● Task instructions:
Transcribe the listing below verbatim, omitting pictures.

● Supplied records:
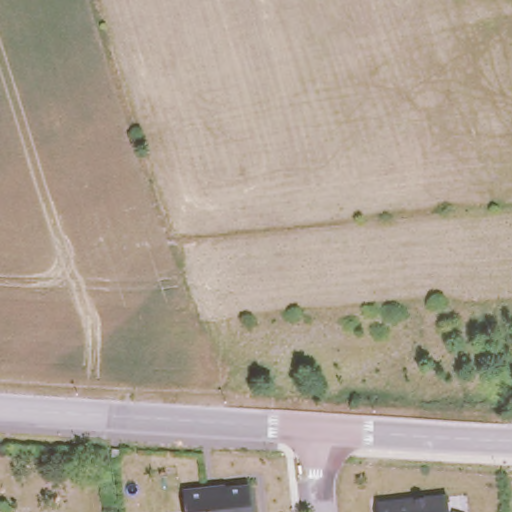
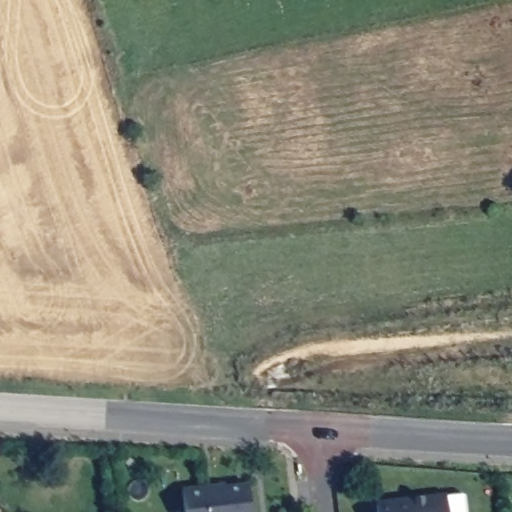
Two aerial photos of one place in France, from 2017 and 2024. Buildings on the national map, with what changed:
unchanged [(186,512),(184,490),(247,485),(251,512),(186,512)]
unchanged [(451,512),(378,512),(377,502),(450,493),(451,512)]
unchanged [(2,512),(0,512),(0,509),(2,509),(2,512)]

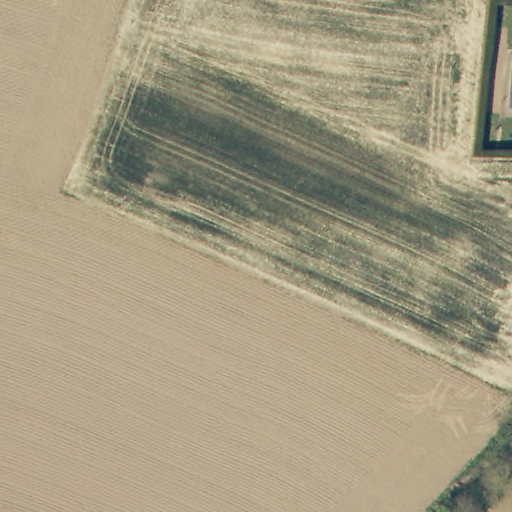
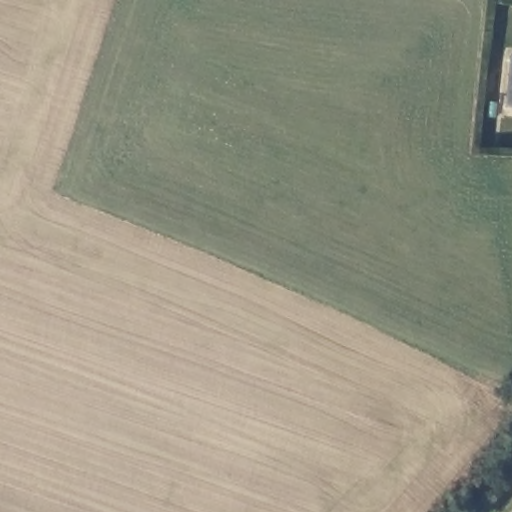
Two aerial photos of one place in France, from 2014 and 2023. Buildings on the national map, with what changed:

● Task response:
Two aerial photos of one place in France, from 2017 and 2024. Buildings on the national map, with what changed:
unchanged [(186,512),(184,490),(247,485),(251,512),(186,512)]
unchanged [(451,512),(378,512),(377,502),(450,493),(451,512)]
unchanged [(2,512),(0,512),(0,509),(2,509),(2,512)]

Two aerial photos of one place in France, from 2014 and 2023. Buildings on the national map, with what changed:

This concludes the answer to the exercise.